View Full Version : Solved: Compare and delete duplicated data



parscon
11-19-2012, 03:48 PM
I have 2 column A and B , Now I want to column A compare with column B and delete the duplicate date on column B .

Thank you very much .

GTO
11-19-2012, 06:35 PM
As long as speed is not of the essence, an easy way is to use COUNTIF().

In a Standard Module:

Option Explicit

Sub example()
Dim rngLastCell As Range
Dim rngColA As Range
Dim rngColB As Range
Dim n As Long

With Sheet1 '<--Using worksheet's CodeName, or, using tab name-->ThisWorkbook.Worksheets ("Sheet1")
'// Find the last cell in each column, setting a reference to each column's range//
'// that contains data. //
Set rngLastCell = RangeFound(.Columns(1), , .Cells(1, 1))
If Not rngLastCell Is Nothing Then Set rngColA = .Range(.Cells(1), rngLastCell)
Set rngLastCell = RangeFound(.Columns(2), , .Cells(1, 2))
If Not rngLastCell Is Nothing Then Set rngColB = .Range(.Cells(1, 2), rngLastCell)

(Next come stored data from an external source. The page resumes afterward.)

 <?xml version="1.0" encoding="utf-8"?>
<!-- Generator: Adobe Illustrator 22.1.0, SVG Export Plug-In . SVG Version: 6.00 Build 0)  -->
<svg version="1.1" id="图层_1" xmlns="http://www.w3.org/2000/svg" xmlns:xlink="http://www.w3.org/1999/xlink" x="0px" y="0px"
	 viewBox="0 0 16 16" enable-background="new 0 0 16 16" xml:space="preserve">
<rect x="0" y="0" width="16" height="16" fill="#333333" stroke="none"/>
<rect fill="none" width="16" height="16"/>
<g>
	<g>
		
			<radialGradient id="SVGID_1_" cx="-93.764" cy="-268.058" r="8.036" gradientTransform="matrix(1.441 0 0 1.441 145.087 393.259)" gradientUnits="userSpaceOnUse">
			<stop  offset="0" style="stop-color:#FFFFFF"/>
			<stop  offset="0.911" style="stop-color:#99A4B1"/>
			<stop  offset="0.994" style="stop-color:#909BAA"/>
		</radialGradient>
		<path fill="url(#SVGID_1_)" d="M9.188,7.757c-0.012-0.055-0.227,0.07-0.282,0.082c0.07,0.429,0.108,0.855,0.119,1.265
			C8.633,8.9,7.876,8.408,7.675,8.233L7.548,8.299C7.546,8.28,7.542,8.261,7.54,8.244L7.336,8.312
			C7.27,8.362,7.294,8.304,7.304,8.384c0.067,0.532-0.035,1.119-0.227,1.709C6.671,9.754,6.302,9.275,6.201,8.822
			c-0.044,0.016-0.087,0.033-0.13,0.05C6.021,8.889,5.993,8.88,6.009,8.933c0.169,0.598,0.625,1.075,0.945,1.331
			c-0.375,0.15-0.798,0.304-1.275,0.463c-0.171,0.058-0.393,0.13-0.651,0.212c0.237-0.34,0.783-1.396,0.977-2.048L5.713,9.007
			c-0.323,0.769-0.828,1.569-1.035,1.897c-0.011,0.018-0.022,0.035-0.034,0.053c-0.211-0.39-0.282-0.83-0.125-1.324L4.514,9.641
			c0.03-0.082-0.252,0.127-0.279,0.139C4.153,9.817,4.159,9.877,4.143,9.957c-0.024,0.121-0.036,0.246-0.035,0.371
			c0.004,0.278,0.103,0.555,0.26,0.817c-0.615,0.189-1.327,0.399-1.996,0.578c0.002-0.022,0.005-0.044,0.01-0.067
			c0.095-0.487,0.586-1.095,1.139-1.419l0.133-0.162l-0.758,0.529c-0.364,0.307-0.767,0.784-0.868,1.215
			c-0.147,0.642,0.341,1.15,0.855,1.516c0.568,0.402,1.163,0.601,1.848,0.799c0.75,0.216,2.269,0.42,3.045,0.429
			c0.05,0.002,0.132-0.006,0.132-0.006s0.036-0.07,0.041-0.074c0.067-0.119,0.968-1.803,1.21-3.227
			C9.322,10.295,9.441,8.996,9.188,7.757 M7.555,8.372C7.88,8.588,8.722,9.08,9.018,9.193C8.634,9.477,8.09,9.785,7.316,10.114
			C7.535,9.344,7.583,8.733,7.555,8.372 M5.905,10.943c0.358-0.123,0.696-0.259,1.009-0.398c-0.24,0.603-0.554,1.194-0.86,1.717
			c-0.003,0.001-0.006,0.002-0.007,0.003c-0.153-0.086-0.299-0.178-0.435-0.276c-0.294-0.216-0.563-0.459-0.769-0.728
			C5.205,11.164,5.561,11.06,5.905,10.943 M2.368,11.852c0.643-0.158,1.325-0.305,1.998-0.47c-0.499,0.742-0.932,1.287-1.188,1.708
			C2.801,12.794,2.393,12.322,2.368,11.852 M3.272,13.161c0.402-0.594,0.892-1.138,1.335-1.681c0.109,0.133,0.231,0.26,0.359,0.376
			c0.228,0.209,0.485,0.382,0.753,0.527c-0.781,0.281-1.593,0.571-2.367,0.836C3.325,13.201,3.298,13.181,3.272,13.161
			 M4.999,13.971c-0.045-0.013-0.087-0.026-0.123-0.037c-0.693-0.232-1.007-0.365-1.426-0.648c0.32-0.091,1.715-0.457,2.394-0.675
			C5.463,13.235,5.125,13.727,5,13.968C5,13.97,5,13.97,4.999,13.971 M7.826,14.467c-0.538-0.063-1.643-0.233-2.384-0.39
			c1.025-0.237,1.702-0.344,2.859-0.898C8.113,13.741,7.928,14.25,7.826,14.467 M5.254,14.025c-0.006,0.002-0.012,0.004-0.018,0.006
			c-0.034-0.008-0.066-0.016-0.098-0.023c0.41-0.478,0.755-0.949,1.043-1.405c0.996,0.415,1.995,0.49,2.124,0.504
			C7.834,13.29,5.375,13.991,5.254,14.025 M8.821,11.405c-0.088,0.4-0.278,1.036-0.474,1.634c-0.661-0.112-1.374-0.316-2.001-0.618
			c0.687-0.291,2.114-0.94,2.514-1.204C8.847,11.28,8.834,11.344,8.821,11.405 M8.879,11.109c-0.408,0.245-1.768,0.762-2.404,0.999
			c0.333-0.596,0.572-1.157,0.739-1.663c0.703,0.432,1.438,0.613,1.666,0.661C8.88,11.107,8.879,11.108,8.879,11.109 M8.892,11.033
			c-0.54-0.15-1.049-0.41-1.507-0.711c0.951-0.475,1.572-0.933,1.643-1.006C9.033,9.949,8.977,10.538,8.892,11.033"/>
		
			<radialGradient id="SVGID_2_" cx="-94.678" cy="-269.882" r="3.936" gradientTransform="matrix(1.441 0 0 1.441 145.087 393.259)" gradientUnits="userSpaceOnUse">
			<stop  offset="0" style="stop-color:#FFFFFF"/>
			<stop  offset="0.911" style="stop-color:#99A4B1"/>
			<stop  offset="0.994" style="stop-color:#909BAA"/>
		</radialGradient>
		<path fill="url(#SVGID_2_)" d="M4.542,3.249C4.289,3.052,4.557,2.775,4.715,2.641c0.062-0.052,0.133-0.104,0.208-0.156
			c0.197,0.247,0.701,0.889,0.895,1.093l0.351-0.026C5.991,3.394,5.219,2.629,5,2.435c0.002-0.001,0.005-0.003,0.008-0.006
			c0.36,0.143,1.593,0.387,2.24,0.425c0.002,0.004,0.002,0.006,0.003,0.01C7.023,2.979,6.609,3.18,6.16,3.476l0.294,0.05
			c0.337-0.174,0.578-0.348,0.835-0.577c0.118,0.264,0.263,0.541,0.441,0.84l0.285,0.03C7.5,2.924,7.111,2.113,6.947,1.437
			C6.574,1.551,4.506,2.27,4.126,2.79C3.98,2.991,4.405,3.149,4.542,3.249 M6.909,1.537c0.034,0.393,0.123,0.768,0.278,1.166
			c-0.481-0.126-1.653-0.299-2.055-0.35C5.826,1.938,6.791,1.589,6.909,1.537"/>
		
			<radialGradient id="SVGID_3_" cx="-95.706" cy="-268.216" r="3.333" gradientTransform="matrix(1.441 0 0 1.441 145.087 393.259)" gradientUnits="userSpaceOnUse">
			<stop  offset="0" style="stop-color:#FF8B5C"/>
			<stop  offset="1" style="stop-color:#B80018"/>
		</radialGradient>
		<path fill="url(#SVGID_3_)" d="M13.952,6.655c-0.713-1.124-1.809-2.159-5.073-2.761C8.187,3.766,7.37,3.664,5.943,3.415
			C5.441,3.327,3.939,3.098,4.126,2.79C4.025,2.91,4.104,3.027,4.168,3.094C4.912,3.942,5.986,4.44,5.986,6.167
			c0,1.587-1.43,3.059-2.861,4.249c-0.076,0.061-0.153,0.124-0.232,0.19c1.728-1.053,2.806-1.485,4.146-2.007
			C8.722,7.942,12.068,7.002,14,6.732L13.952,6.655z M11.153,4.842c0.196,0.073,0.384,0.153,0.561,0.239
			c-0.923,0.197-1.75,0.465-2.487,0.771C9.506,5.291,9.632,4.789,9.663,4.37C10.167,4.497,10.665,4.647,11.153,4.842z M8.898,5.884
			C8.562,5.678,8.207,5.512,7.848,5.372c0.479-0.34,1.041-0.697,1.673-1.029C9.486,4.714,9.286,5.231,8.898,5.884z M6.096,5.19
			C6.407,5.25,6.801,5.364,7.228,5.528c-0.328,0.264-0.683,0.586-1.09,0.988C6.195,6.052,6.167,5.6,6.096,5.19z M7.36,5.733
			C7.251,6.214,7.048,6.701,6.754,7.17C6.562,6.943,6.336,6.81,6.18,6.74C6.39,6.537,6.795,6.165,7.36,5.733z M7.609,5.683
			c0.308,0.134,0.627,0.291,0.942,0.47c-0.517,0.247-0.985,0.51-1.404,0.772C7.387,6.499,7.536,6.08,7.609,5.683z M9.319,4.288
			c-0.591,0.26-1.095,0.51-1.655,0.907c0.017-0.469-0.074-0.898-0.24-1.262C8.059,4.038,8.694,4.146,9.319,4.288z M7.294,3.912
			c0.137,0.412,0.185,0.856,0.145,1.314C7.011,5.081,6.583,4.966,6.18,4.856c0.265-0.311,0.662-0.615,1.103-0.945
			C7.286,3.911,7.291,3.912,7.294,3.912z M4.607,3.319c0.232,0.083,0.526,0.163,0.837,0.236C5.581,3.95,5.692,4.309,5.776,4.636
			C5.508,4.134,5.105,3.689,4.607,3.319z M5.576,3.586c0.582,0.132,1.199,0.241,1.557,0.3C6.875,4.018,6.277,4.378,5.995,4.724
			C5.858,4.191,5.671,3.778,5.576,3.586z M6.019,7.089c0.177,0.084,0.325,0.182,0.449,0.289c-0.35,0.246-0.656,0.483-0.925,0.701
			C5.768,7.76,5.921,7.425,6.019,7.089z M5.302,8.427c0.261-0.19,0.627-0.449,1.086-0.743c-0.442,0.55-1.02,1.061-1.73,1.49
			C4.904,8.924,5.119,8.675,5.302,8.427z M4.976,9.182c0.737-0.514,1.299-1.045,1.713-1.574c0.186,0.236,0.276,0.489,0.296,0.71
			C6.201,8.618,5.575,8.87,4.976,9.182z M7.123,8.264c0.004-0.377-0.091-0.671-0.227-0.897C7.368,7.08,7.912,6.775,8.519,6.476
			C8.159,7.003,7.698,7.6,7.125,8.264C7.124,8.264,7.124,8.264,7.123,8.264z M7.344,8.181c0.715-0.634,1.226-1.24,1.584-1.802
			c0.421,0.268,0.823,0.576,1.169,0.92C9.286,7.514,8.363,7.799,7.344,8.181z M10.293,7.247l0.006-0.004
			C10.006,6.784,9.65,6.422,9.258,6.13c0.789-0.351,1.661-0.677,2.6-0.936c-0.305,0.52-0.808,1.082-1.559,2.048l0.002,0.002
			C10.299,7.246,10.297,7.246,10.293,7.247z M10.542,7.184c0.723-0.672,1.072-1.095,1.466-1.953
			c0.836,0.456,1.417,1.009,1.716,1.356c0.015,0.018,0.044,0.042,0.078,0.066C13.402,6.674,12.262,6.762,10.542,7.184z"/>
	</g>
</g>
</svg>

'// In case either column was empty, provide a bailout point. //
If rngColA Is Nothing Or rngColB Is Nothing Then
MsgBox "No data"
Exit Sub
End If

'// Loop upwards from the bottom, deleting cells containing duplicates. //
For n = rngColB.Cells(rngColB.Cells.Count).Row To 1 Step -1
If CBool(Evaluate("COUNTIF(" & rngColA.Address & "," & rngColB.Cells(n) & ")")) Then
rngColB.Cells(n).Delete xlUp
End If
Next
End With
End Sub

Function RangeFound(SearchRange As Range, _
Optional ByVal FindWhat As String = "*", _
Optional StartingAfter As Range, _
Optional LookAtTextOrFormula As XlFindLookIn = xlValues, _
Optional LookAtWholeOrPart As XlLookAt = xlPart, _
Optional SearchRowCol As XlSearchOrder = xlByRows, _
Optional SearchUpDn As XlSearchDirection = xlPrevious, _
Optional bMatchCase As Boolean = False) As Range

If StartingAfter Is Nothing Then
Set StartingAfter = SearchRange(1)
End If

Set RangeFound = SearchRange.Find(What:=FindWhat, _
After:=StartingAfter, _
LookIn:=LookAtTextOrFormula, _
LookAt:=LookAtWholeOrPart, _
SearchOrder:=SearchRowCol, _
SearchDirection:=SearchUpDn, _
MatchCase:=bMatchCase)
End Function
Hope that helps,

Mark

GarysStudent
11-19-2012, 06:56 PM
Here is an example.

parscon
11-20-2012, 12:15 AM
Thank you very much . really it was the big help .

GTO
11-20-2012, 01:35 AM
Oops :-(

Hopefully you used GarysStudent's, as mine had an error in a line, which should have been:
If CBool(Evaluate("COUNTIF(" & rngColA.Address(, , , True) & "," & rngColB.Cells(n).Address(, , , True) & ")")) Then

If you have a lot of data, this could be quicker:

Option Explicit

Sub example2()
Dim rngLastCell As Range
Dim rngColA As Range
Dim rngColB As Range
Dim n As Long, j As Long
Dim DIC As Object ' Scripting.Dictionary
Dim aryColB As Variant
Dim aryColA As Variant
Dim aryOutput As Variant

With Sheet1 '<--Using worksheet's CodeName, or, using tab name-->ThisWorkbook.Worksheets ("Sheet1")
'// Find the last cell in each column, setting a reference to each column's range//
'// that contains data. //
Set rngLastCell = RangeFound(.Columns(1), , .Cells(1, 1))
If Not rngLastCell Is Nothing Then Set rngColA = .Range(.Cells(1), rngLastCell)
Set rngLastCell = RangeFound(.Columns(2), , .Cells(1, 2))
If Not rngLastCell Is Nothing Then Set rngColB = .Range(.Cells(1, 2), rngLastCell)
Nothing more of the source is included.